So how would a modicum of  human and women's rights be preserved in Afghanistan if NATO were to pack up and leave? Ms. Sahar offered the phenomenally simplistic, nonsensical solution of providing education and health care. Things that have improved significantly under NATO's presence and would be eradicated under the Taliban. How women are going to receive these services without a competent armed force to preserve them is something she neglects to delineate because she obviously doesn't have the slightest clue.

What does seem apparent is Ms Sahar and Ms. Rushdie lack the mental acuity to connect rather obvious dots and comprehend that what they advocate serves to support the aims of the hateful Taliban Islamists.

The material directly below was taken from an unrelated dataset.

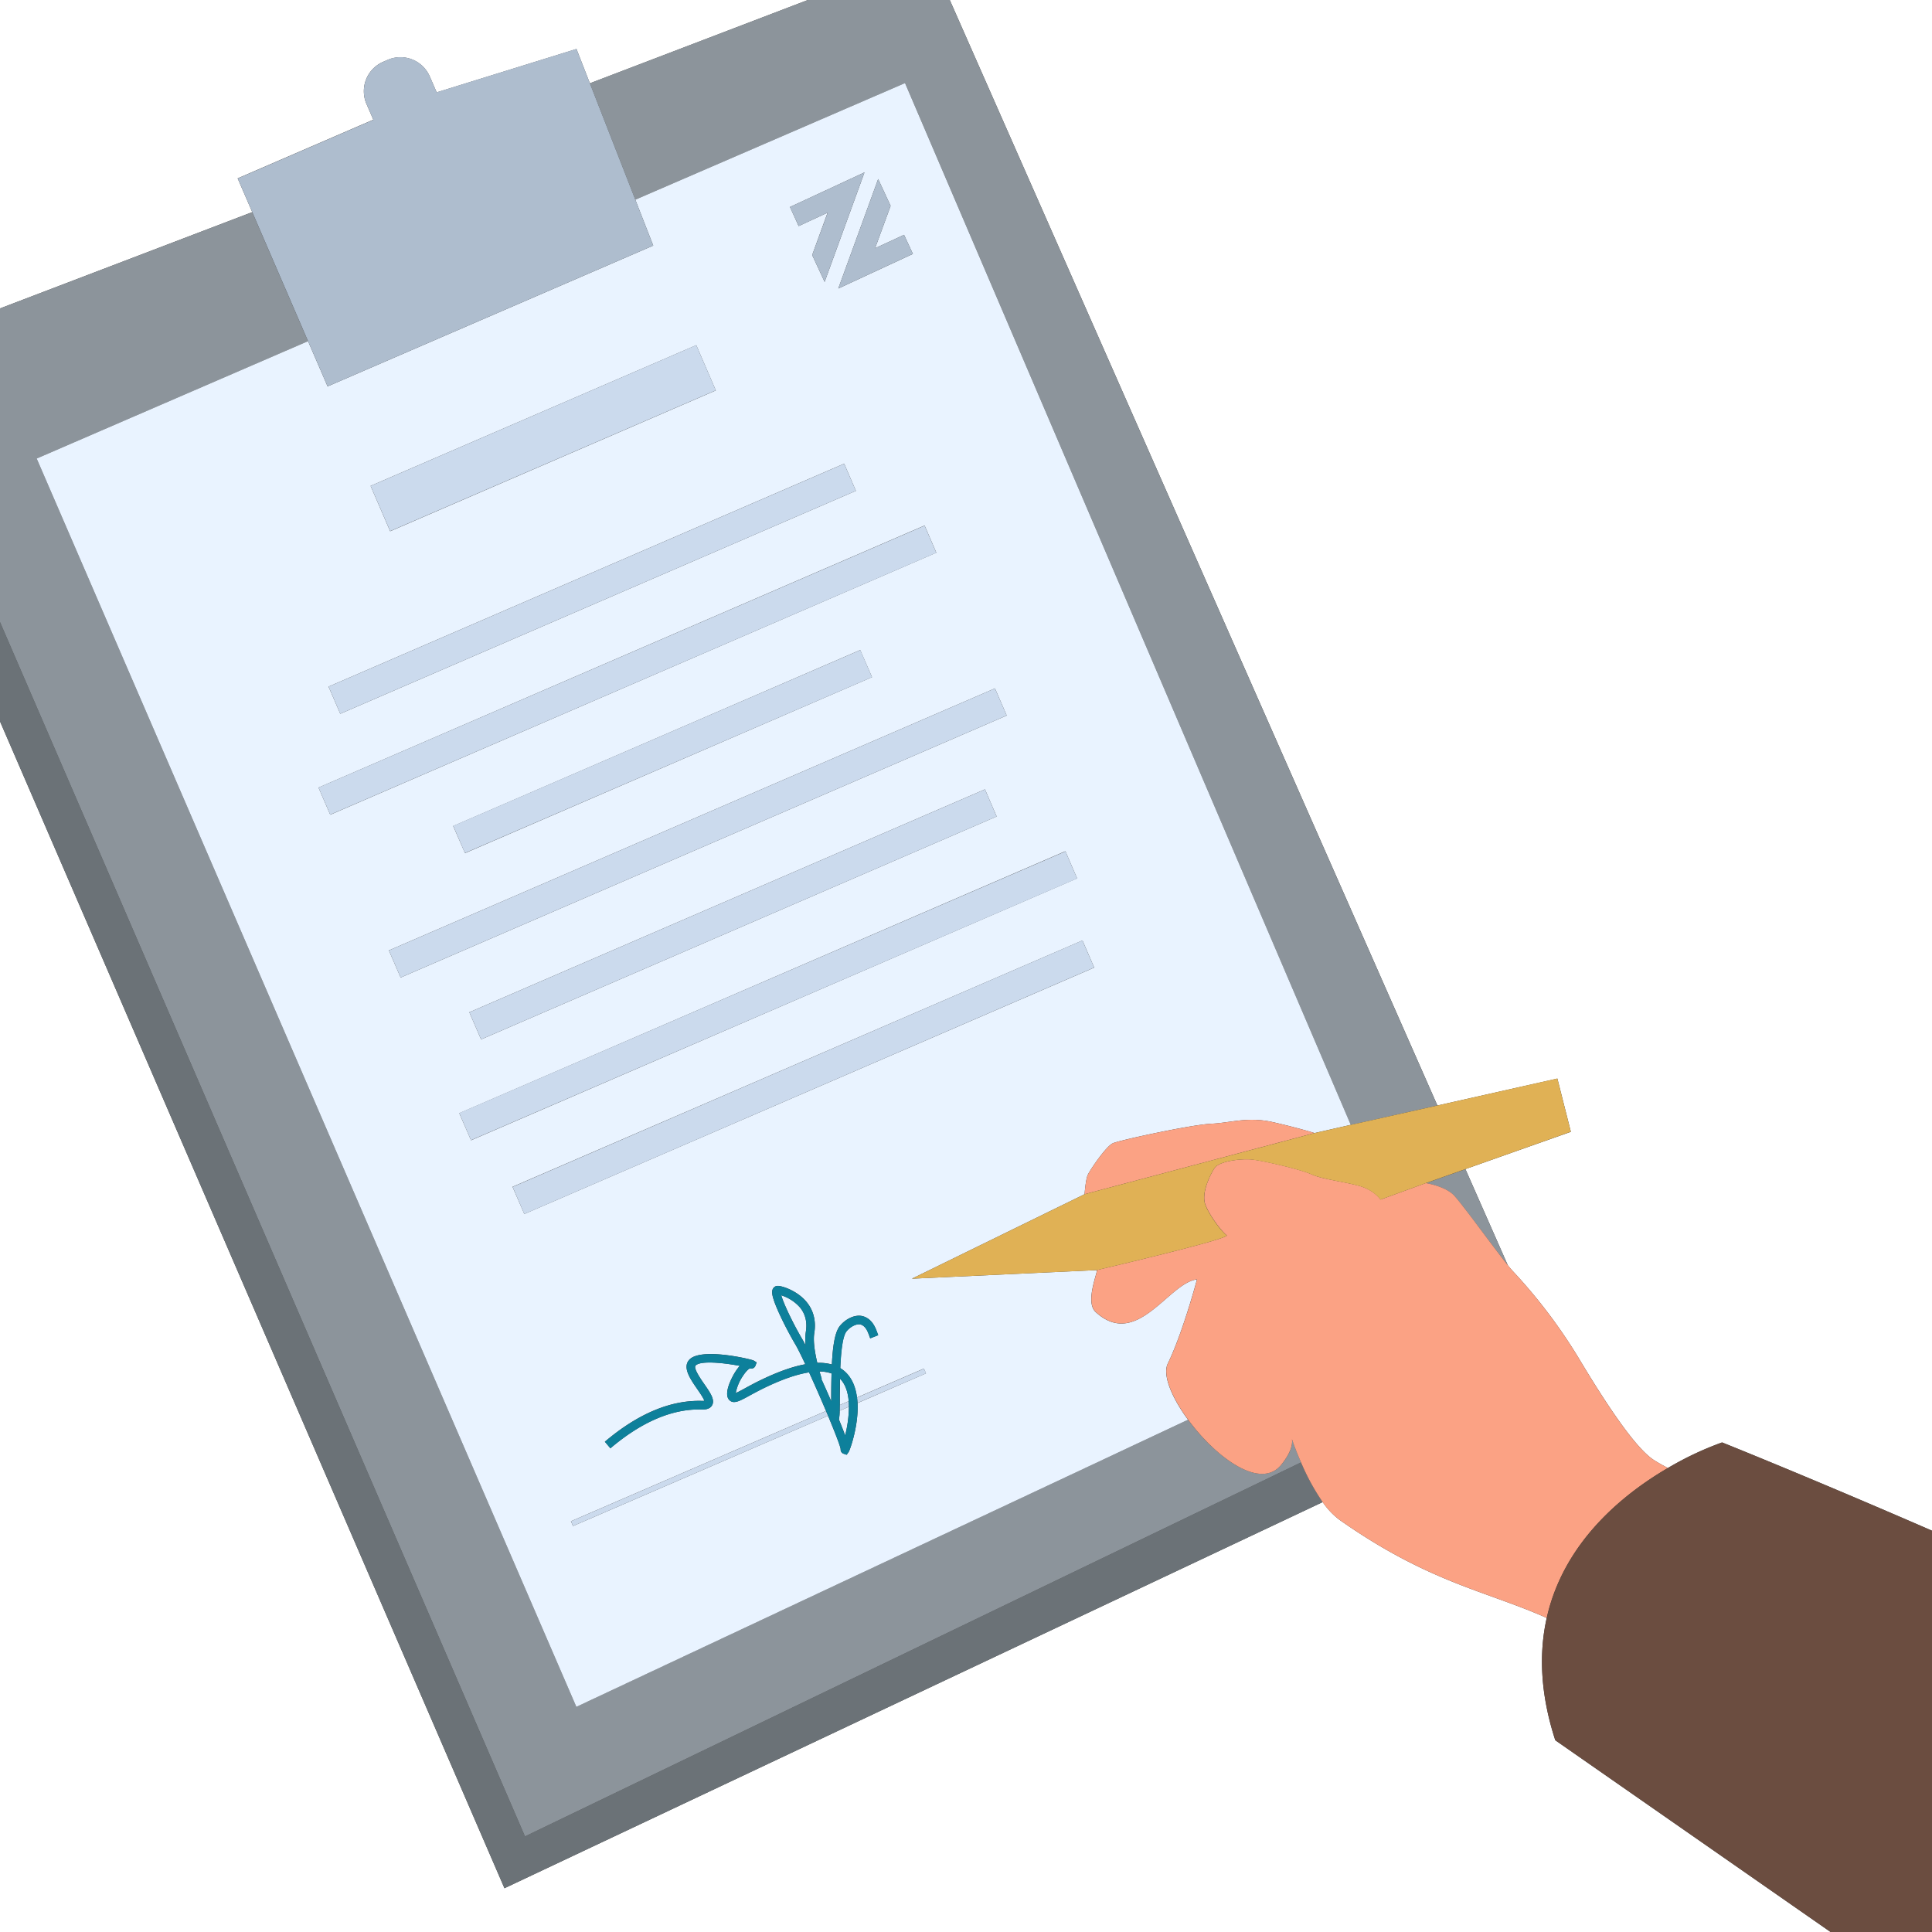 <?xml version="1.0" encoding="UTF-8"?> <svg xmlns="http://www.w3.org/2000/svg" viewBox="0 0 1125 1125"><rect x="0" y="0" width="1125" height="1125" fill="#333333" stroke="none"/><defs><style>.cls-1{fill:#fff;}.cls-2{fill:#6b7277;}.cls-3{fill:#8c949b;}.cls-4{fill:#e9f3ff;}.cls-5{fill:#aebdce;}.cls-6{fill:#cbdaed;}.cls-7{fill:#fba284;}.cls-8{fill:#e0b155;}.cls-9{fill:#6b4d40;}.cls-10{fill:#0d809b;}</style></defs><g id="Ebene_2" data-name="Ebene 2"><g id="Ebene_2-2" data-name="Ebene 2"><path class="cls-1" d="M138.38,103.85l79-34.15-4-9.22A18.66,18.66,0,0,1,223.12,36l2.63-1.13a18.64,18.64,0,0,1,24.53,9.72l4,9.21,81.4-25.27,7.8,20L470.42,0H0V179.6l146.89-56.08Z"></path><path class="cls-1" d="M900.66,942.12c-35-15.66-68.53-20.46-120.66-57.12a43.79,43.79,0,0,1-9.79-10.34L293.75,1099.51,0,420.06V1125H1065.94L905.63,1013.35C896.73,986,896.13,962.33,900.66,942.12Z"></path><path class="cls-1" d="M837,643.73l69.86-15.68,7.85,31L853.3,680.75l24.7,56c1.25,1.56,2.27,2.76,2.93,3.44a307.07,307.07,0,0,1,38.65,51.15C935,817.07,952.09,843,962.9,850.07c2,1.32,4.87,2.94,8.32,4.74a184.53,184.53,0,0,1,31.54-14.88s49,19.56,122.24,51.39V0H553.05Z"></path><path class="cls-2" d="M770.21,874.66a131.89,131.89,0,0,1-12.6-23.1L305.7,1069.34,0,362.23v57.83l293.75,679.45Z"></path><path class="cls-3" d="M846.56,696c4.52,4.63,23.28,30.64,31.44,40.8l-24.7-56-23,8.15S841.33,690.61,846.56,696Z"></path><polygon class="cls-3" points="369.94 116.28 527.02 48.37 786.56 655.04 836.97 643.73 553.05 0 470.42 0 343.47 48.47 369.94 116.28"></polygon><path class="cls-3" d="M757.61,851.56C754.83,845.22,753,840,752.28,838c.37,2,.32,7-6.28,15-12.27,15-38.47-4.89-54.21-26.28L335.61,993.88,21.35,267l158-68.31-32.48-75.15L0,179.6V362.23l305.7,707.11Z"></path><path class="cls-4" d="M488.51,826.59c1.4,3.41,2.64,6.56,3.62,9.23a71,71,0,0,0,2.22-16.69l-5.41,2.34A28.07,28.07,0,0,1,488.51,826.59Z"></path><path class="cls-4" d="M680,794c8.81-18.11,17-49,17-49-16.47,1.83-35,41-59,19-6.2-5.68.94-22.3.7-24.42l-107.7,5,100.54-49.19s.62-8.45,1.84-11.21S644,667.53,648,665.72s45.82-10.84,57.31-11.37,21.19-4.26,35.94-.92,24.23,6.35,24.23,6.35L786.56,655,527,48.37,369.94,116.28,380.38,143,190.75,225l-11.38-26.34L21.35,267l314.26,726.9L691.79,826.72C682.41,814,676.75,800.69,680,794ZM518.6,119.87l-9.06,24.7,16.88-7.83,5.16,11.1L488.13,168l23.22-63.75Zm-15.21-19.49-23.21,63.76-7.25-15.62,9-24.71-16.87,7.83L460,120.54ZM405.44,201l11.38,26.35-189.63,82L215.8,282.94ZM491.55,270l6.83,15.81L198.14,415.62l-6.84-15.8ZM185.47,458.61,538.39,306l6.83,15.81L192.3,474.42Zm322.3-64.31-237,102.48L263.9,481l237-102.48ZM226.45,553.43,579.37,400.85l6.84,15.8L233.29,569.22Zm353.9-78L280.12,605.25l-6.83-15.81,300.25-129.8ZM267.44,648.23,620.37,495.66l6.82,15.81L274.28,664Zm31,42.85L630.32,547.63l6.84,15.8L305.31,706.89ZM494.15,845.51,493,847.1l-1.89-.65a2.57,2.57,0,0,1-1.61-2.65c-.21-1.79-3.3-9.75-7.34-19.41l-148.5,64.2-1.2-2.77L481,821.61c-3.13-7.4-6.69-15.52-9.89-22.51-7.29,1.13-16.23,4.25-26.65,9.35-3.26,1.6-6,3.11-8.24,4.33-5.59,3.06-9,4.9-11.44,2.54-3.07-2.91-.29-9.66,1.64-13.43a32.84,32.84,0,0,1,4.33-6.57c-8.69-1.67-22.89-3.3-25.73-.15-1.34,1.5,2.84,7.56,5.09,10.81,3.51,5.07,6.29,9.08,4.55,12.26-1.42,2.62-4.83,2.52-5.95,2.48-17-.53-35,7.08-53.28,22.6l-3.23-3.82c19.28-16.34,38.35-24.34,56.67-23.77a6.64,6.64,0,0,0,1.25-.06c-.4-1.47-2.61-4.66-4.12-6.85-4.07-5.88-8.68-12.55-4.69-17,6.72-7.48,36.45-.26,37.53.4l1.77,1.09-.74,1.95a2.51,2.51,0,0,1-3.11,1.52c-.53.11-2.19,1.32-4.27,4.56a26.2,26.2,0,0,0-4.07,9.8c1.27-.5,3.43-1.68,5.4-2.76,2.26-1.24,5.08-2.78,8.44-4.43q15.33-7.5,26.67-9.57c-2.42-5.18-4.49-9.34-5.76-11.5-3.18-5.37-6.77-12.22-9.35-17.87-4.85-10.61-4.51-13-3.8-14.47a3.13,3.13,0,0,1,2.44-1.76c2.15-.29,10.42,2.22,16,8,5,5.16,6.93,11.9,5.69,19.49-.64,3.9,0,9.89,1.76,17.31a28.25,28.25,0,0,1,8.48.93c.52-10.53,1.72-18.7,4.6-22.34,3.19-4,9-7.25,13.86-5.62,5.2,1.73,7,6.78,8.09,9.8.15.41.28.79.42,1.13l-4.66,1.83c-.15-.38-.3-.81-.47-1.27-.92-2.58-2.06-5.79-5-6.75-2.23-.74-6.06,1.08-8.36,4s-3.2,12-3.6,21.35a18.1,18.1,0,0,1,4.39,3.76c3.12,3.68,4.7,8.39,5.34,13.38l39-16.86,1.2,2.78L499.36,817C500,830.34,494.86,844.51,494.15,845.51Z"></path><path class="cls-4" d="M489.34,803l-.19-.19c-.08,3.86-.1,7.51-.12,10.5,0,1.82,0,3.42,0,4.82l5.21-2.25C493.8,810.88,492.42,806.21,489.34,803Z"></path><path class="cls-4" d="M484,815.94c0-.88,0-1.77,0-2.64,0-4.72.07-9.27.19-13.53a21.1,21.1,0,0,0-7-1.15c.39,1.36.81,2.75,1.25,4.18l-.26.09C480.15,807.12,482.12,811.57,484,815.94Z"></path><path class="cls-4" d="M454.93,754.26c1.34,4.86,6.89,16.53,12.55,26.08.36.62.92,1.68,1.63,3.09a32.85,32.85,0,0,1,.13-7.93c.9-5.45-.2-10.15-3.26-14A24.25,24.25,0,0,0,454.93,754.26Z"></path><path class="cls-5" d="M380.38,143l-10.44-26.74L343.47,48.47l-7.8-20-81.4,25.27-4-9.21a18.64,18.64,0,0,0-24.53-9.72L223.12,36a18.66,18.66,0,0,0-9.71,24.53l4,9.22-79,34.15,8.51,19.67,32.48,75.15L190.75,225Z"></path><polygon class="cls-6" points="416.82 227.31 405.44 200.96 215.8 282.94 227.19 309.28 416.82 227.31"></polygon><rect class="cls-6" x="181.3" y="334.21" width="327.1" height="17.22" transform="translate(-107.73 164.99) rotate(-23.38)"></rect><rect class="cls-6" x="173.1" y="381.61" width="384.49" height="17.22" transform="translate(-124.82 176.94) rotate(-23.37)"></rect><rect class="cls-6" x="256.71" y="429.02" width="258.24" height="17.23" transform="translate(-141.89 188.84) rotate(-23.36)"></rect><polygon class="cls-6" points="586.21 416.65 579.37 400.85 226.45 553.43 233.29 569.22 586.21 416.65"></polygon><polygon class="cls-6" points="273.29 589.44 280.12 605.25 580.35 475.45 573.54 459.64 273.29 589.44"></polygon><rect class="cls-6" x="255.08" y="571.24" width="384.49" height="17.22" transform="translate(-193.19 224.78) rotate(-23.35)"></rect><rect class="cls-6" x="287.05" y="618.65" width="361.53" height="17.22" transform="translate(-210.58 237.27) rotate(-23.39)"></rect><path class="cls-6" d="M332.48,885.82l1.2,2.77,148.5-64.2c-.39-.91-.77-1.84-1.17-2.78Z"></path><path class="cls-6" d="M538.05,796.94l-39,16.86c.13,1,.23,2.1.29,3.16l39.89-17.24Z"></path><path class="cls-6" d="M494.21,815.9,489,818.15c0,1.25,0,2.35-.06,3.32l5.41-2.34C494.34,818,494.29,817,494.21,815.9Z"></path><polygon class="cls-5" points="481.97 123.81 472.93 148.52 480.18 164.14 503.39 100.38 459.95 120.54 465.1 131.64 481.97 123.81"></polygon><polygon class="cls-5" points="531.58 147.84 526.42 136.74 509.55 144.57 518.6 119.87 511.35 104.25 488.13 168 531.58 147.84"></polygon><path class="cls-7" d="M830.26,688.9l-26.39,9.61s-3.51-5.45-12.2-7.93-21.88-3.94-28-6.78-27.79-7.85-34.25-8.58-19.55.84-22.24,5-7.83,14.7-5.26,21.33,9.6,15.7,12.35,17.71-75.52,20.28-75.52,20.28c.24,2.12-6.9,18.74-.7,24.42,24,22,42.53-17.17,59-19,0,0-8.19,30.89-17,49-3.25,6.69,2.41,20,11.79,32.72C707.53,848.11,733.73,868,746,853c6.6-8.09,6.65-13.09,6.28-15,.68,2.06,2.55,7.27,5.33,13.61a131.89,131.89,0,0,0,12.6,23.1A43.79,43.79,0,0,0,780,885c52.13,36.66,85.69,41.46,120.66,57.12,9.91-44.18,44.39-72,70.56-87.31-3.45-1.8-6.3-3.42-8.32-4.74-10.81-7.05-27.95-33-43.32-58.73a307.07,307.07,0,0,0-38.65-51.15c-.66-.68-1.68-1.88-2.93-3.44-8.16-10.16-26.92-36.17-31.44-40.8C841.33,690.61,830.26,688.9,830.26,688.9Z"></path><path class="cls-7" d="M705.3,654.35c-11.49.53-53.33,9.57-57.31,11.37s-13.39,15.7-14.61,18.46-1.84,11.21-1.84,11.21l133.93-35.61s-9.47-3-24.23-6.35S716.8,653.82,705.3,654.35Z"></path><path class="cls-8" d="M765.47,659.78,631.54,695.39,531,744.58l107.7-5S717,721.31,714.22,719.3s-9.78-11.07-12.35-17.71,2.57-17.14,5.26-21.33,15.78-5.77,22.24-5,28.07,5.73,34.25,8.58,19.36,4.31,28,6.78,12.2,7.93,12.2,7.93l26.39-9.61,23-8.15L914.68,659l-7.85-31L837,643.73,786.56,655Z"></path><path class="cls-9" d="M971.22,854.81c-26.17,15.28-60.65,43.13-70.56,87.31-4.53,20.21-3.93,43.83,5,71.23L1065.94,1125H1125V891.32c-73.19-31.83-122.24-51.39-122.24-51.39A184.53,184.53,0,0,0,971.22,854.81Z"></path><path class="cls-10" d="M493.73,800.42a18.1,18.1,0,0,0-4.39-3.76c.4-9.34,1.33-18.48,3.6-21.35s6.13-4.72,8.36-4c2.9,1,4,4.17,5,6.75.17.46.32.89.47,1.27l4.66-1.83c-.14-.34-.27-.72-.42-1.13-1.08-3-2.89-8.07-8.09-9.8C498,765,492.21,768.18,489,772.21c-2.88,3.64-4.08,11.81-4.6,22.34a28.25,28.25,0,0,0-8.48-.93c-1.78-7.42-2.4-13.41-1.76-17.31,1.24-7.59-.72-14.33-5.69-19.49-5.6-5.81-13.87-8.32-16-8a3.13,3.13,0,0,0-2.44,1.76c-.71,1.44-1,3.86,3.8,14.47,2.58,5.65,6.17,12.5,9.35,17.87,1.27,2.16,3.34,6.32,5.76,11.5q-11.32,2.07-26.67,9.57c-3.36,1.65-6.18,3.19-8.44,4.43-2,1.08-4.13,2.26-5.4,2.76a26.2,26.2,0,0,1,4.07-9.8c2.08-3.24,3.74-4.45,4.27-4.56a2.51,2.51,0,0,0,3.11-1.52l.74-1.95-1.77-1.09c-1.08-.66-30.81-7.88-37.53-.4-4,4.44.62,11.11,4.69,17,1.51,2.19,3.72,5.38,4.12,6.85a6.64,6.64,0,0,1-1.25.06c-18.32-.57-37.39,7.43-56.67,23.77l3.23,3.82c18.31-15.52,36.24-23.13,53.28-22.6,1.12,0,4.53.14,5.95-2.48,1.74-3.18-1-7.19-4.55-12.26-2.25-3.25-6.43-9.31-5.09-10.81,2.84-3.15,17-1.52,25.73.15a32.84,32.84,0,0,0-4.33,6.57c-1.93,3.77-4.71,10.52-1.64,13.43,2.48,2.36,5.85.52,11.44-2.54,2.22-1.22,5-2.73,8.24-4.33,10.42-5.1,19.36-8.22,26.65-9.35,3.2,7,6.76,15.11,9.89,22.51.4.94.78,1.87,1.17,2.78,4,9.66,7.13,17.62,7.34,19.41a2.57,2.57,0,0,0,1.61,2.65l1.89.65,1.13-1.59c.71-1,5.89-15.17,5.21-28.55-.06-1.06-.16-2.12-.29-3.16C498.43,808.81,496.85,804.1,493.73,800.42ZM469.24,775.5a32.85,32.85,0,0,0-.13,7.93c-.71-1.41-1.27-2.47-1.63-3.09-5.66-9.55-11.21-21.22-12.55-26.08A24.25,24.25,0,0,1,466,761.53C469,765.35,470.14,770.05,469.24,775.5Zm8,23.12a21.1,21.1,0,0,1,7,1.15c-.12,4.26-.16,8.81-.19,13.53,0,.87,0,1.76,0,2.64-1.89-4.37-3.86-8.82-5.77-13.05l.26-.09C478.06,801.37,477.64,800,477.25,798.62Zm14.88,37.2c-1-2.67-2.22-5.82-3.62-9.23a28.07,28.07,0,0,0,.43-5.12c0-1,0-2.07.06-3.32s0-3,0-4.82c0-3,0-6.64.12-10.5l.19.19c3.08,3.19,4.46,7.86,4.87,12.88.08,1.07.13,2.14.14,3.23A71,71,0,0,1,492.13,835.82Z"></path></g></g></svg>

Of course, profound, or even average insight is not something one expects from the sort of people who write things like,
"The ugly side of freedom is the state-run military spectacle supporting the NATO-led imperialist war and occupation in Afghanistan but parading as a false guilt-trip memorial for those who sacrificed to fight for “our” freedoms. Well, just in case you selectively forgot, your parade is and has always been on stolen, occupied, Native land - what about their freedoms to sovereignty and the Afghan peoples for self-determination? What about our freedom of speech which was infringed on when an officer called our message “trash” and “laughable.” We courageously endured a violent and racist crowd calling out: “go back to your country”, "
There's a priceless humor in the irony of the blatant hypocrisy of two women who refer to Afghanistan as their home condemning Canada as a settler colonial society on stolen land and then bitching about people who tell them to "go home". Unfortunately for the duo, understanding that appears to be beyond their cognitive abilities. If they actually believe the idiocy they propound, what are they doing here settling, occupying and stealing land from its rightful owners? If, as they have repeated, Afghanistan is their "home country," shouldn't they stop being occupiers, pack up, and go to a Taliban-occupied part of Afghanistan to experience what Afghan self-determination would actually be like if they got their wish for a NATO withdrawal?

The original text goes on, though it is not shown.